Site information
- Type: Munitions and Weapons Testing
- Operator: Canadian Army
- Status: Active

Location
- Location of Proof and Experimental Test Establishment
- Coordinates: 46°13′16″N 72°38′51″W﻿ / ﻿46.22124°N 72.64753°W
- Area: ~20 km^{2} (7.7 sq mi)

Site history
- In use: 1952 - Current

Test information
- Remediation: Partial Remediation of Lac Saint-Pierre

= Proof and Experimental Test Establishment =

The Proof and Experimental Test Establishment (Centre d’essais et d’expérimentation, or PETE) is a Canadian Forces military weapons testing facility located west of Nicolet, Quebec on the shore of Lake Saint Pierre.
The site is operated by General Dynamics Ordnance and Tactical Systems Canada, a major supplier of ammunition to the Canadian Forces.

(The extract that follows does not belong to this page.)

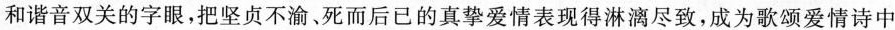
和谐音双关的字眼，把坚贞不渝、死而后已的真挚爱情表现得淋漓尽致，成为歌颂爱情诗中

== Lake Saint Pierre firing range ==
Between 1952 and 2000, the nearby Lake Saint Pierre was used as a firing range. Munitions testing over this period resulted in the accumulation of over 300,000 shells on the lake floor, approximately 8000 of which are unexploded ordnance. The unexploded shells continue to present a danger to the significant number of year-round recreational users of the lake. Cleanup efforts are additionally impeded by the sheer number of shells. They are also made substantially more difficult due to the great environmental importance and the protected status of the lake according to several international agreements.

The centre still conducts munitions tests close by but no longer in or above the lake.